The pipeline is set up with the preprocessing steps followed by a RandomForestClassifier.

Cross-validation is performed using 5 folds, and metrics such as Negative Log Loss, ROC AUC, Accuracy, and Balanced Accuracy are computed for each fold.


Result: Cross-validation results are computed and displayed, showing the model’s performance across different metrics.

Explanation:

The trained model is evaluated on the test set, calculating key performance metrics.

These metrics give insight into how well the model is performing in terms of both classification accuracy and the balance of the results between the classes.


Result: The final performance metrics are displayed:

Negative Log Loss: 0.3938

ROC AUC: 0.9017

Accuracy: 0.8566

Balanced Accuracy: 0.7786


Task Analysis and Results

 Problem Description: The task involved predicting whether an individual earns more than $50K annually based on demographic and employment data. This is a binary classification problem.



Negative Log Loss: Indicates how well the model's predicted probabilities match the true labels.

ROC AUC: Measures the ability of the model to distinguish between the two classes.

Accuracy: The percentage of correct predictions.

Balanced Accuracy: Takes into account class imbalances by calculating the average recall of each class.

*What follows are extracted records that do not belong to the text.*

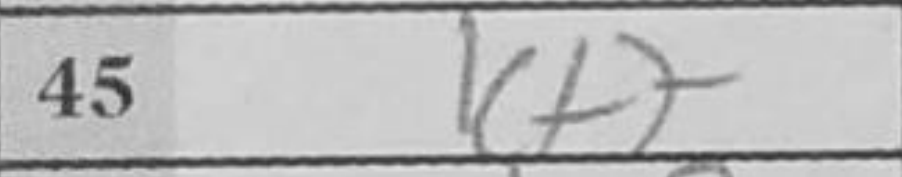
Transcription: Kf7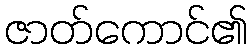
ဇာတ်ကောင်၏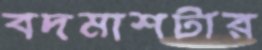
বদমাশটার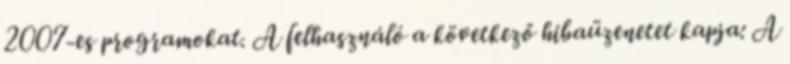
2007-es programokat. A felhasználó a következő hibaüzenetet kapja: A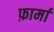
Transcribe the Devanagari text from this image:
फ़ार्मा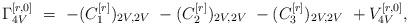
LaTeX: \begin{align*} \Gamma_{4V}^{[r,0]} \ = \ -(C_{1}^{[r]})_{2V,2V} \ -(C_{2}^{[r]})_{2V,2V} \ -(C_{3}^{[r]})_{2V,2V} \ +V_{4V}^{[r,0]},\end{align*}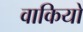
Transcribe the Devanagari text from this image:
वाकियो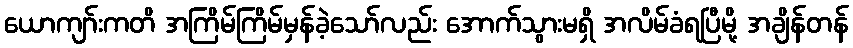
ယောကျာ်းကတိ အကြိမ်ကြိမ်မှန်ခဲ့သော်လည်း အောက်သွားမရှိ အလိမ်ခံရပြီမို့ အချိန်တန်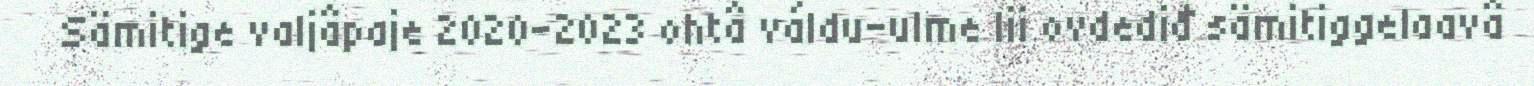
Sämitige valjâpaje 2020–2023 ohtâ váldu-ulme lii ovdediđ sämitiggelaavâ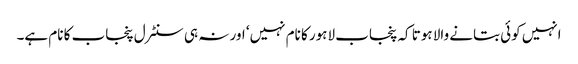
انہیں کوئی بتانے والا ہوتا کہ پنجاب لاہور کا نام نہیں‘ اور نہ ہی سنٹرل پنجاب کا نام ہے۔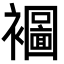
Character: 𮖾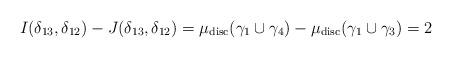
LaTeX: \begin{align*} I(\delta_{13},\delta_{12})-J(\delta_{13},\delta_{12})=\mu_{\mathrm{disc}}(\gamma_{1}\cup{\gamma_{4}})-\mu_{\mathrm{disc}}(\gamma_{1}\cup{\gamma_{3}})=2\end{align*}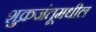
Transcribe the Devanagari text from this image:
शुक्रजंतूमधील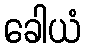
ခေါယံ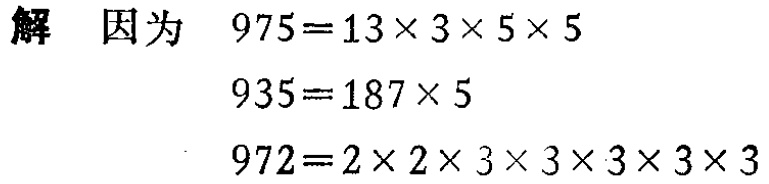
解 因为

\begin{align*}

975&=13\times3\times5\times5\\

935&=187\times5\\

972&=2\times2\times3\times3\times3\times3\times3

\end{align*}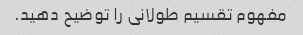
مفهوم تقسیم طولانی را توضیح دهید.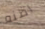
اظنه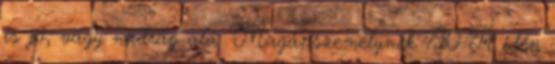
is jó, vagy nadrág alá. Magánszemélynek 790 Ft idén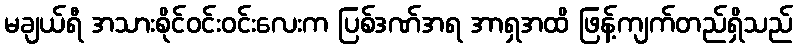
မချယ်ရီ အသားစိုင်ဝင်းဝင်းလေးက ပြစ်ဒဏ်အရ အာရှအထိ ဖြန့်ကျက်တည်ရှိသည်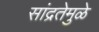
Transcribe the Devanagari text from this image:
सांद्रतेमुळे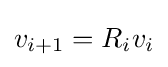
v_{i+1}=R_{i}v_{i}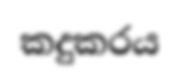
කදුකරය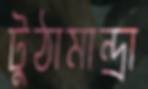
টুঠামান্দ্রা

The model demonstrates high ROC AUC (0.9017), meaning it is good at distinguishing between individuals with incomes >50K and <=50K.

The Accuracy of 85.66% shows that the model is performing well, though some misclassification occurs.

Negative Log Loss is reasonably low (0.3938), suggesting that the model's probabilistic predictions are accurate.

The Balanced Accuracy (77.86%) shows that the model is not biased toward the majority class, which is crucial for this dataset.


Conclusion

The solution to the task was successfully completed. The Random Forest model, after preprocessing and feature engineering, performed well on both the training and testing sets. The evaluation metrics demonstrate that the model has strong predictive power, particularly in terms of distinguishing between the two income classes.